=== DATA PROVIDED ===

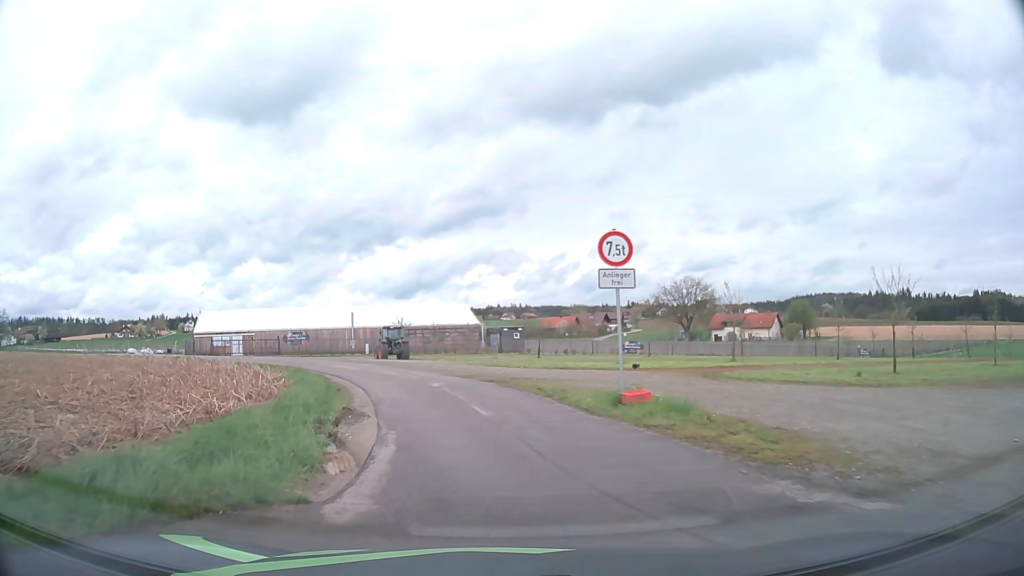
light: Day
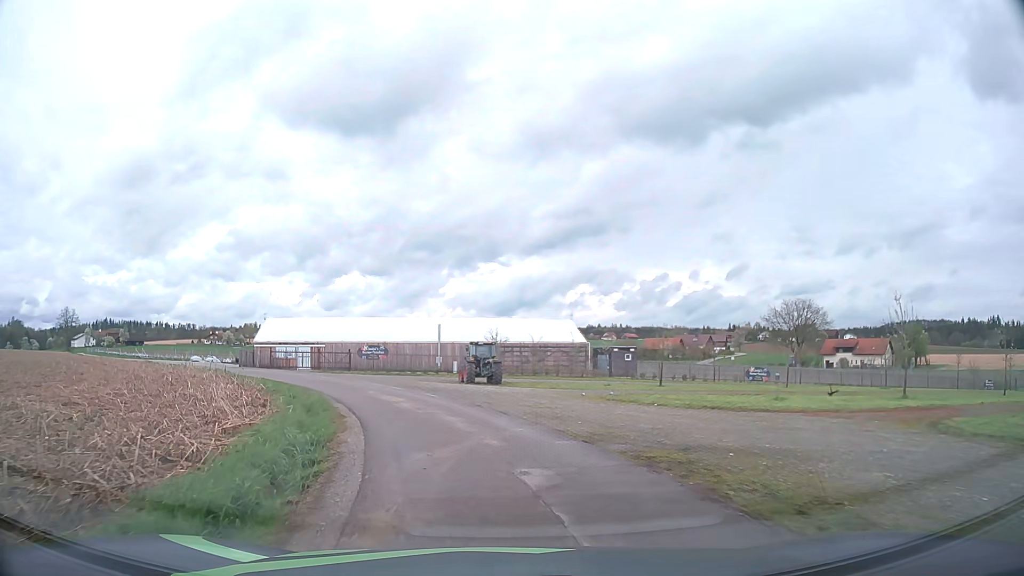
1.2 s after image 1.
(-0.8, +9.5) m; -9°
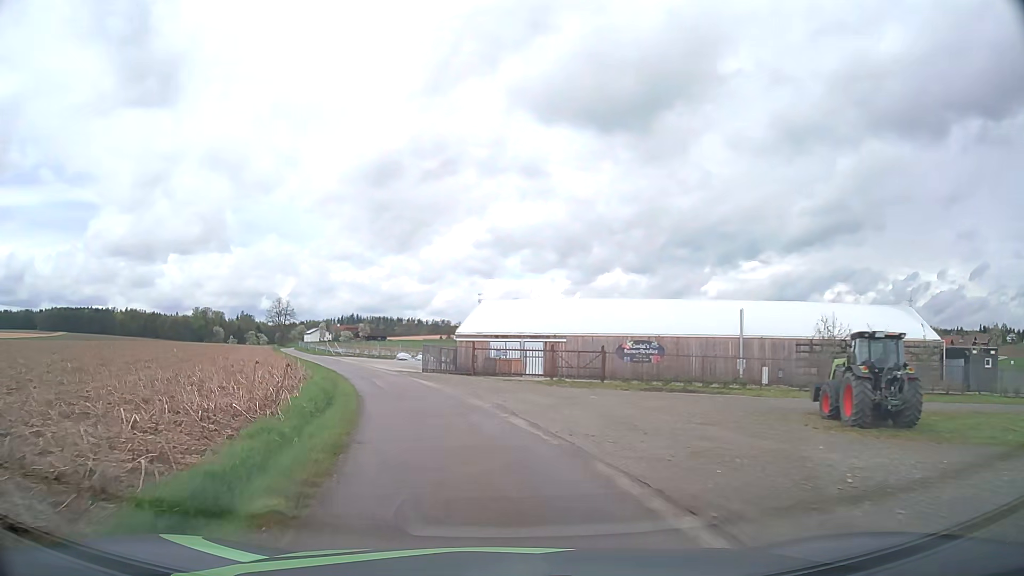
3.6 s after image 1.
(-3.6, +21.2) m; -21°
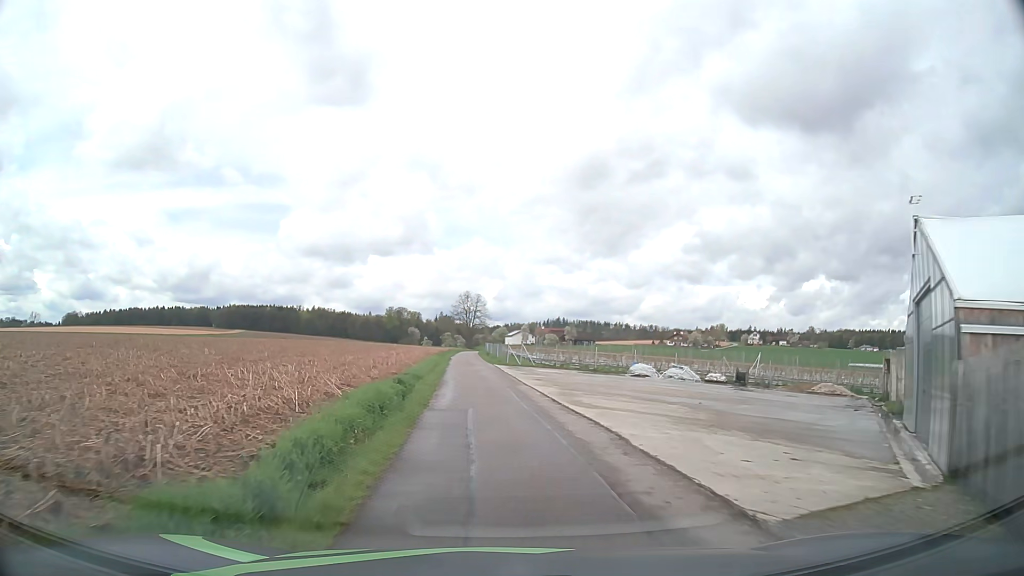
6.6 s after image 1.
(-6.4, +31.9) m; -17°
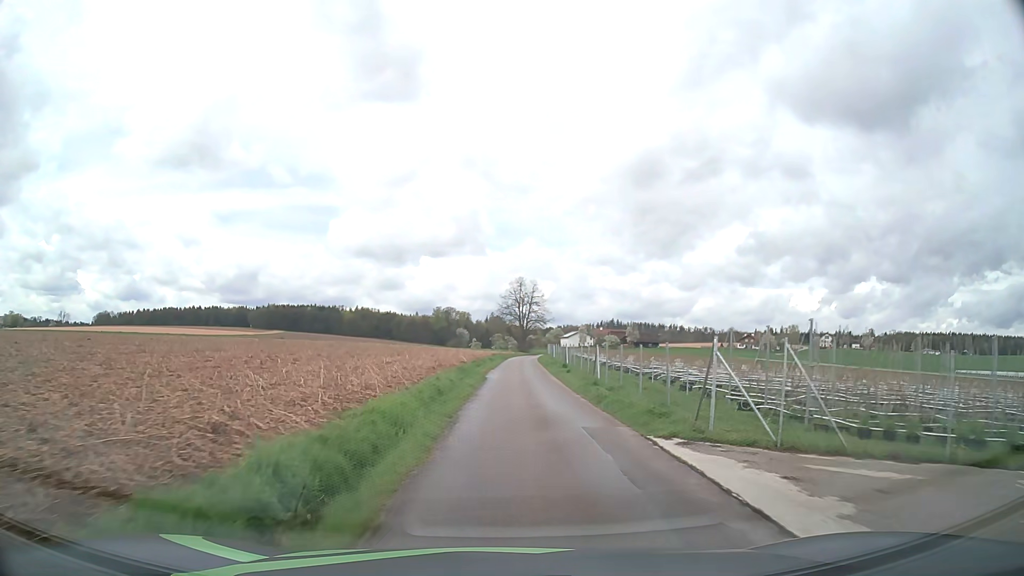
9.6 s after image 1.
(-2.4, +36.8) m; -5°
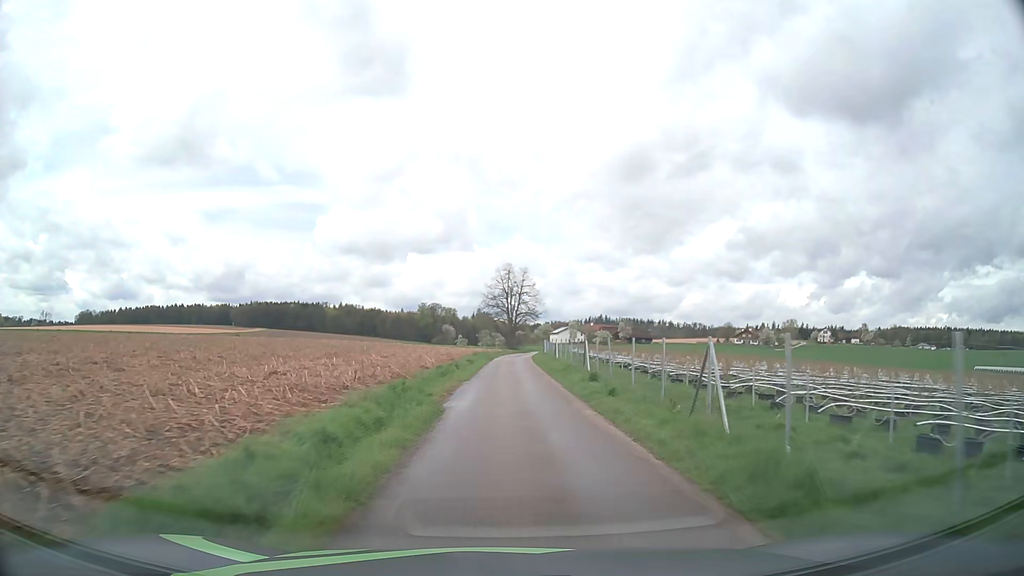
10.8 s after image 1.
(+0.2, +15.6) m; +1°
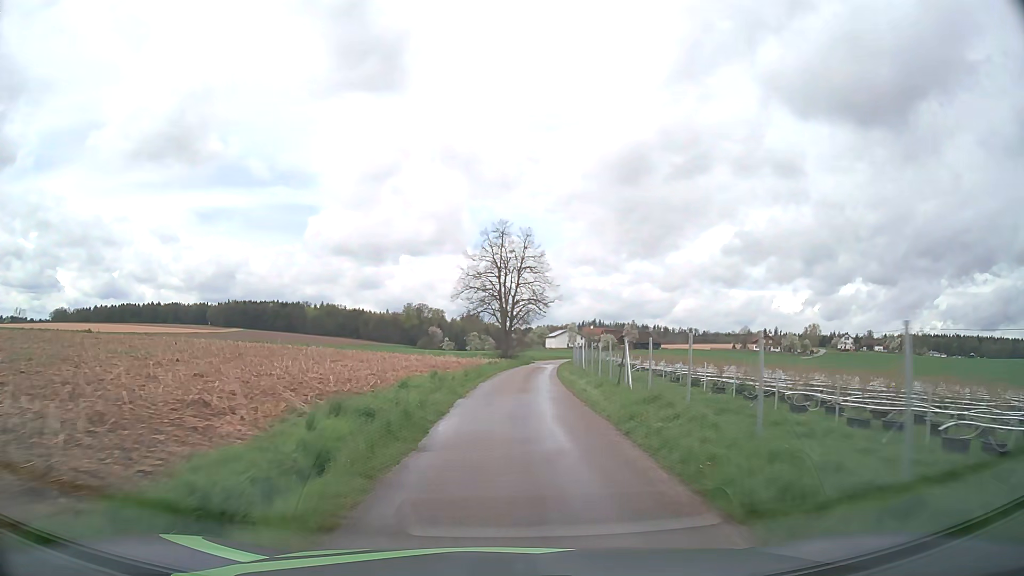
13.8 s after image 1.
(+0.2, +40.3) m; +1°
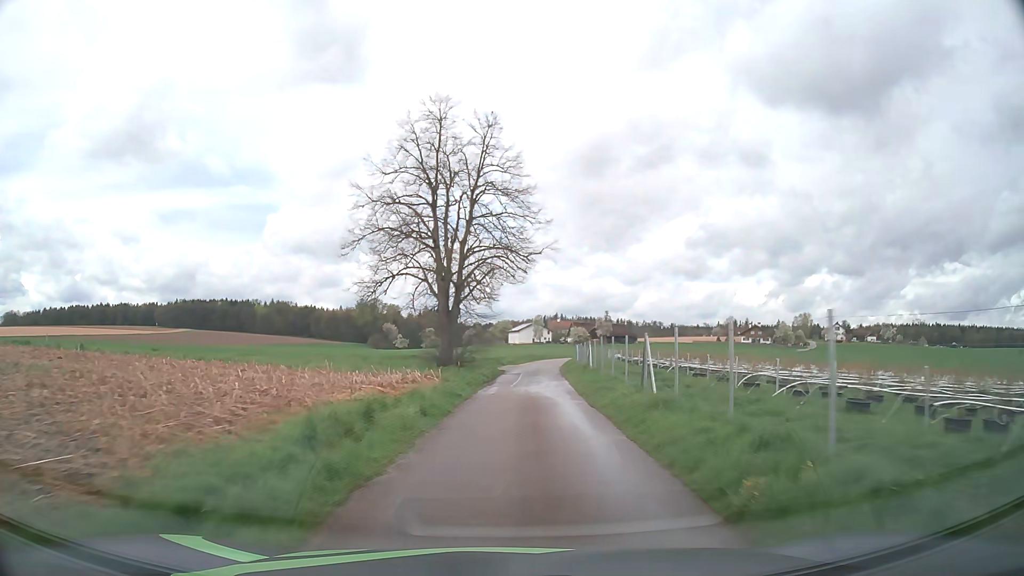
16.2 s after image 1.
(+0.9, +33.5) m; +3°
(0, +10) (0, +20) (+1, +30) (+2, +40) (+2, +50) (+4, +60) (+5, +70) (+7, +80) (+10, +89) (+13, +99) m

===

### THE PROBLEM:
In the answer, retype exactly and only the lines from the one holding "10.8 s after image 1." through the end of the listing, keeping both ends and dropping every picture.

### RESULT OF THIS TASK:
10.8 s after image 1.
(+0.2, +15.6) m; +1°
13.8 s after image 1.
(+0.2, +40.3) m; +1°
16.2 s after image 1.
(+0.9, +33.5) m; +3°
(0, +10) (0, +20) (+1, +30) (+2, +40) (+2, +50) (+4, +60) (+5, +70) (+7, +80) (+10, +89) (+13, +99) m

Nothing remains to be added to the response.